Wenn Anton G. Leitner Feuer fängt

von Axel Kutsch

Wenn Anton G. Leitner Feuer fängt, dann löscht er nicht, dann brennt er. So auch Ende der neunziger Jahre. Während eines längeren Telefongesprächs mit ihm über die aktuelle Poesie kam mir plötzlich eine Idee: Warum nicht einmal Hitlisten der deutschsprachigen und internationalen Jahrhundertlyriker aufstellen? Kaum hatte ich meine Gedanken ausgesprochen, loderten am anderen Ende der Leitung bereits die Flammen.

Die Hitlisten waren in Sekundenschnelle unter Dach und Fach, auch wenn uns klar war, dass der eine oder andere Bedenkenträger – den spielerischen Charakter der Idee verkennend – beckmessernd Einwände gegen ein solches Ranking in der hehren Kunst der Poesie erheben würde.

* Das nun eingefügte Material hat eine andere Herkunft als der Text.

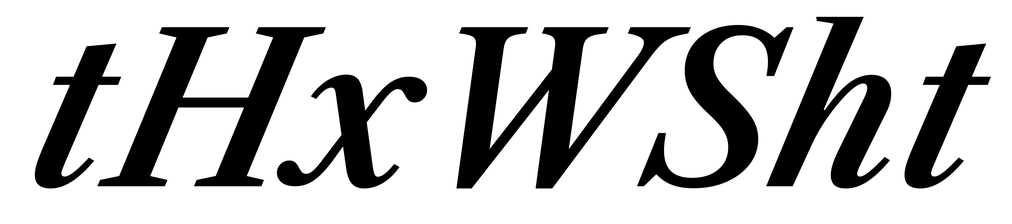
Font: LibreCaslonText-Italic_SemiBold_Italic
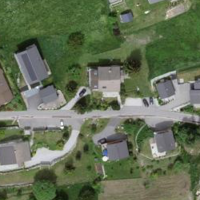
EUNIS habitat code: 55
Species observed at this site:
Plantago major
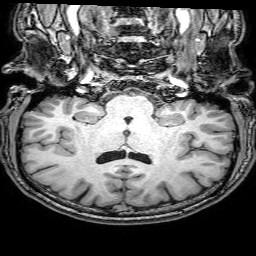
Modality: T1w
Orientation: sagittal
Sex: male
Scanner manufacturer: philips
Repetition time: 0.008126 s
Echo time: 0.00372 s
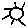
Label: sun
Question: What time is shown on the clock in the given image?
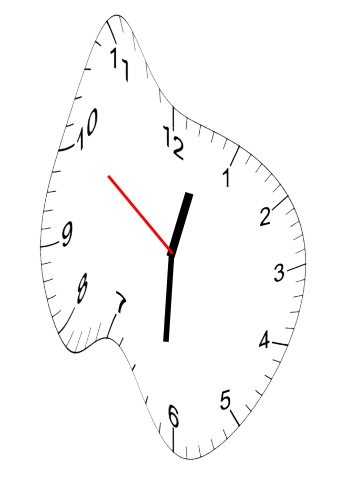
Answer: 12:30:51
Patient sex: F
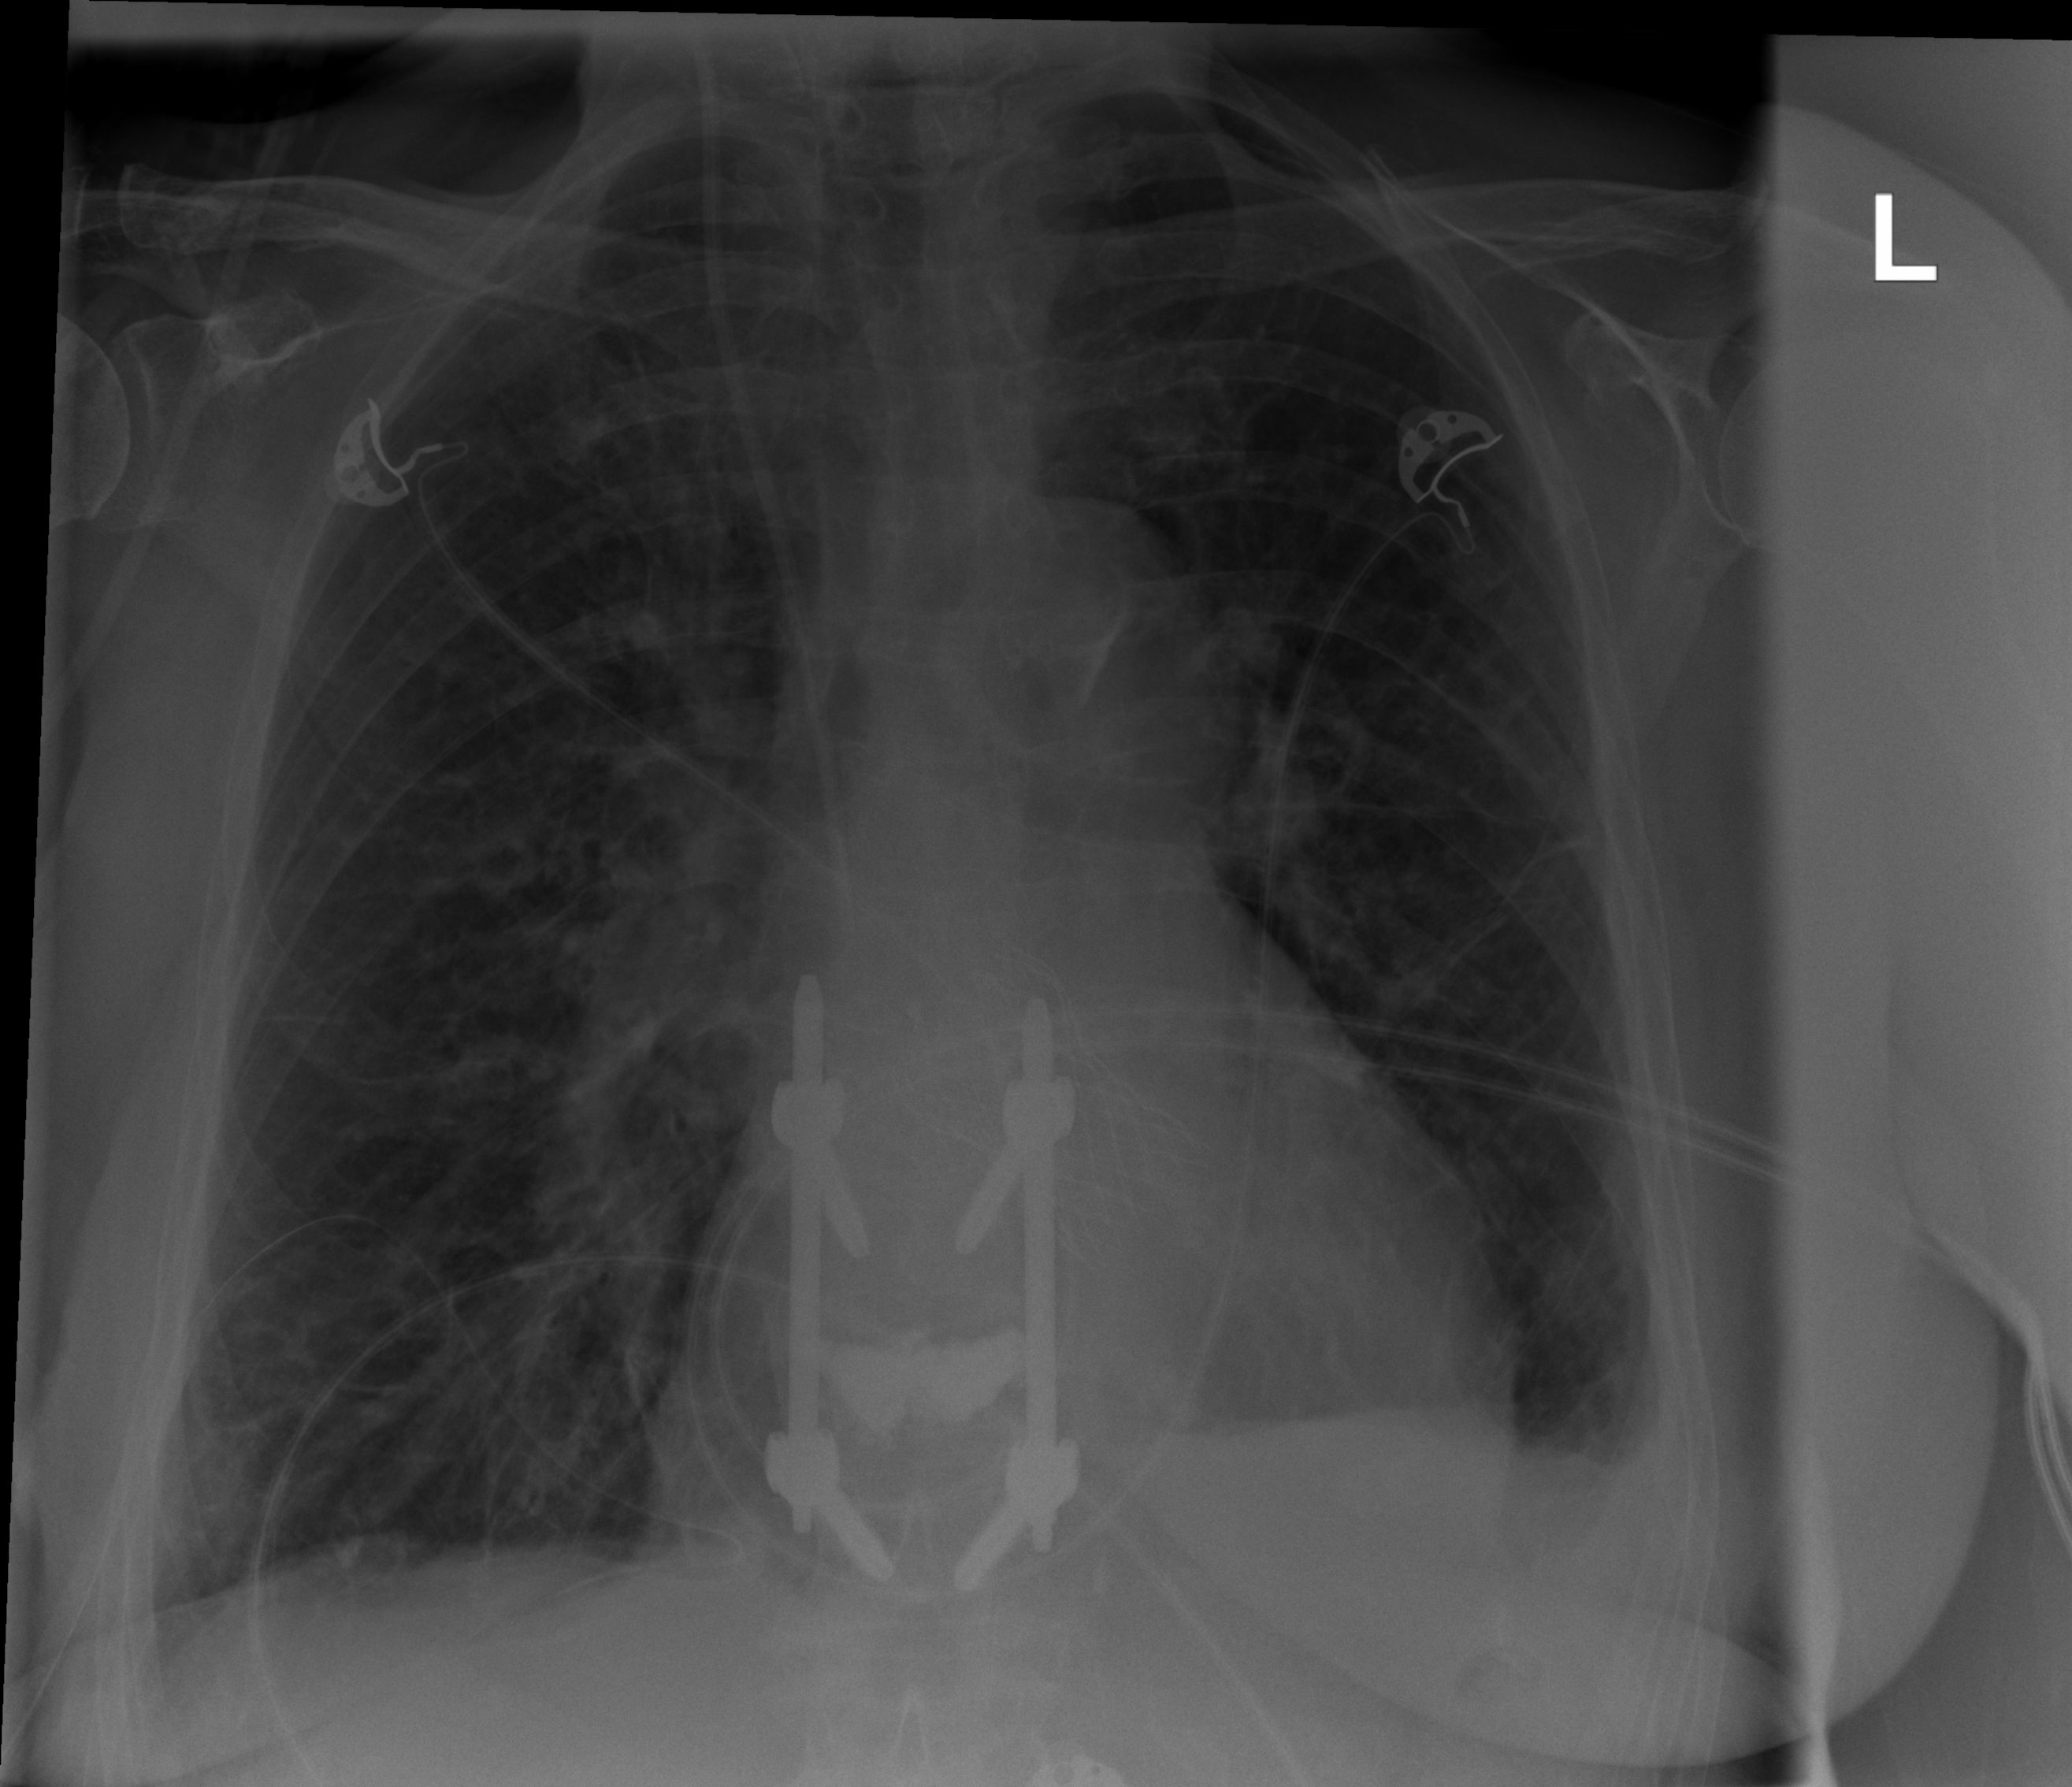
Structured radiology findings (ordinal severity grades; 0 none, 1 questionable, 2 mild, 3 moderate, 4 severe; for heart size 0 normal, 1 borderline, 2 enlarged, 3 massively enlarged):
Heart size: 1
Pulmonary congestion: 2
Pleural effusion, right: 0
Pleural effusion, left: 2
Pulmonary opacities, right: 2
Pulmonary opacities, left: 0
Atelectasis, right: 2
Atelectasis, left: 2
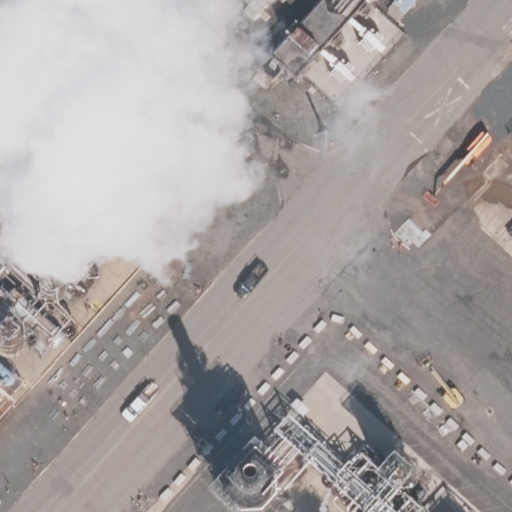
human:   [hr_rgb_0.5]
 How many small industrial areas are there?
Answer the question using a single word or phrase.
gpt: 0

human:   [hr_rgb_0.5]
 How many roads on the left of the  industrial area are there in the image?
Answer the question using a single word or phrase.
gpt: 1

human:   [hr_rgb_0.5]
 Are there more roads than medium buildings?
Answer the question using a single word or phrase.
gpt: yes

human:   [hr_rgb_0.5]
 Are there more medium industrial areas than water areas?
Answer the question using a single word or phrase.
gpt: no

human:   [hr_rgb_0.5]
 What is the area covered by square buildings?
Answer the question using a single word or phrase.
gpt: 0m2

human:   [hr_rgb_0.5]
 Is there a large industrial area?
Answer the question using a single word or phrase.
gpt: yes

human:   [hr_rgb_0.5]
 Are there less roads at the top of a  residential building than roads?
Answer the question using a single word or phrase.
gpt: yes

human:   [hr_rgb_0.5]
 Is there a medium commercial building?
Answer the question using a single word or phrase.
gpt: no

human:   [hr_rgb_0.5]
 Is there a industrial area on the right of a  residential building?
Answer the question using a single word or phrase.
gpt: no

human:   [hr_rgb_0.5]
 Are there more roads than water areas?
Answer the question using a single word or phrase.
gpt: yes

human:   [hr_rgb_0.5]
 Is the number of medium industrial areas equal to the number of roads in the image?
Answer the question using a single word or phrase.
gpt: no

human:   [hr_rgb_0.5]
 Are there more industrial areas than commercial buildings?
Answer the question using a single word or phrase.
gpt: yes

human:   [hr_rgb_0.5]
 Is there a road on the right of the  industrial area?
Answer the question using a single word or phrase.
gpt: no

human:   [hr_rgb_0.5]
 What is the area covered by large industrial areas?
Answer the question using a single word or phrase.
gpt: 10583m2

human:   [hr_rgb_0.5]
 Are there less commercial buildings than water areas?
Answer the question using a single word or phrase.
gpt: no

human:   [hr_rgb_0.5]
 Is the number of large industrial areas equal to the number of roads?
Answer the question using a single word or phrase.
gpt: yes

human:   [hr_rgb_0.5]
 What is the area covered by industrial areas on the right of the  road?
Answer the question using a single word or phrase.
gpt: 10583m2

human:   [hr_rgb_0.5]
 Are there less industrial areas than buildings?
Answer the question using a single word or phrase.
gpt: no

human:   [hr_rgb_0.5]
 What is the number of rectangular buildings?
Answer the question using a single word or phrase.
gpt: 0

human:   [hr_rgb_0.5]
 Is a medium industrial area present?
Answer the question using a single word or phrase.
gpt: no

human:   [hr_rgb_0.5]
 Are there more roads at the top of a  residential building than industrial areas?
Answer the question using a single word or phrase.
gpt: no

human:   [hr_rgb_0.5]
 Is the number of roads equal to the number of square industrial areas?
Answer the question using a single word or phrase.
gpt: no

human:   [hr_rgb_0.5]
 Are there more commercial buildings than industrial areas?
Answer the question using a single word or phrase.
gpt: no

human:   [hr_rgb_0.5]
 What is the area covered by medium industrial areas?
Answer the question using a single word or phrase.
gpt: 0m2

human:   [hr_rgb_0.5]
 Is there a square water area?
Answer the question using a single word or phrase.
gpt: no

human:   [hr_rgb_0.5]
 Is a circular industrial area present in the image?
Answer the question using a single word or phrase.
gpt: no

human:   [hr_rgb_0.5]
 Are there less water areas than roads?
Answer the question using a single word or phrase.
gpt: yes

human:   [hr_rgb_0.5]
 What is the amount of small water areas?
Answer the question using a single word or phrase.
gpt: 0

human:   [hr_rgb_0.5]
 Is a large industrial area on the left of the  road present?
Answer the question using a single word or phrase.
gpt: no

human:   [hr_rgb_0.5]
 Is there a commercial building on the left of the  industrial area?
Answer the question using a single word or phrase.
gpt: no

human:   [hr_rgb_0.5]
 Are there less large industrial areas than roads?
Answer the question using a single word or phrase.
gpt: no

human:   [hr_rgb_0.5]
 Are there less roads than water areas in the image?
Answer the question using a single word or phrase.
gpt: no

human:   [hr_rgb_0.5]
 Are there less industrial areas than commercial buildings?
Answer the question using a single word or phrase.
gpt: no

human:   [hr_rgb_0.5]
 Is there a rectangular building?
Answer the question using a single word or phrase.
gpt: no

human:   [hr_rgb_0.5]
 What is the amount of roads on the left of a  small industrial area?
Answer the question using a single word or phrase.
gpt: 0

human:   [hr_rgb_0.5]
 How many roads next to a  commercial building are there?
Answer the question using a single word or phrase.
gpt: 0
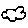
Label: cloud
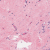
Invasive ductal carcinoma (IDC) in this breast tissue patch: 1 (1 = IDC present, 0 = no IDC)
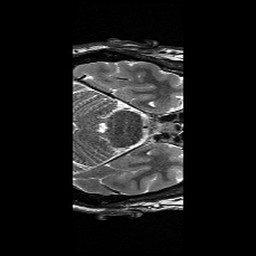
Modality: T2w
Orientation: axial
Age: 36
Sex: male
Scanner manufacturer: siemens
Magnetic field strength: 3 T
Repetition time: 6.1 s
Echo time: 0.104 s
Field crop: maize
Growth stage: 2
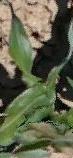
Species: maize
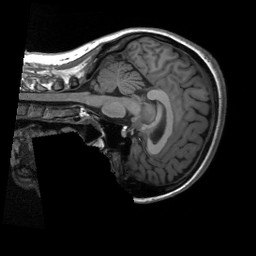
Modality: T1w
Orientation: sagittal
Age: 31
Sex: female
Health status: healthy
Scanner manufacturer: siemens
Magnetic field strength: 3 T
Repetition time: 2.3 s
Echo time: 0.00229 s

Immerhin betätigten sich schließlich 56 Lyriker, Herausgeber, Literaturwissenschaftler und Übersetzer als Juroren, darunter unter anderem Heinz Ludwig Arnold, Hans Bender, Ulrike Draesner, Robert Gernhardt, Thomas Kling und  Friederike Mayröcker.

In der siebten Ausgabe der von Anton G. Leitner edierten Zeitschrift DAS GEDICHT konnte man dann lesen, dass die Juroren Gottfried Benn vor Paul Celan und Bertolt Brecht zum deutschsprachigen Jahrhundertdichter sowie Ezra Pound vor Guillaume Apollinaire und Ossip Mandelstam zum internationalen Jahrhundertdichter gewählt hatten.

Die Hitlisten fanden nicht nur in Deutschland, sondern auch weit über die Landesgrenzen hinaus bis nach Südamerika erhebliche Medienresonanz. Das kann dabei herauskommen, wenn der Herausgeber eines Literaturmagazins spontan Feuer fängt und brennt, statt die Flammen vor lauter Bedenken zu ersticken.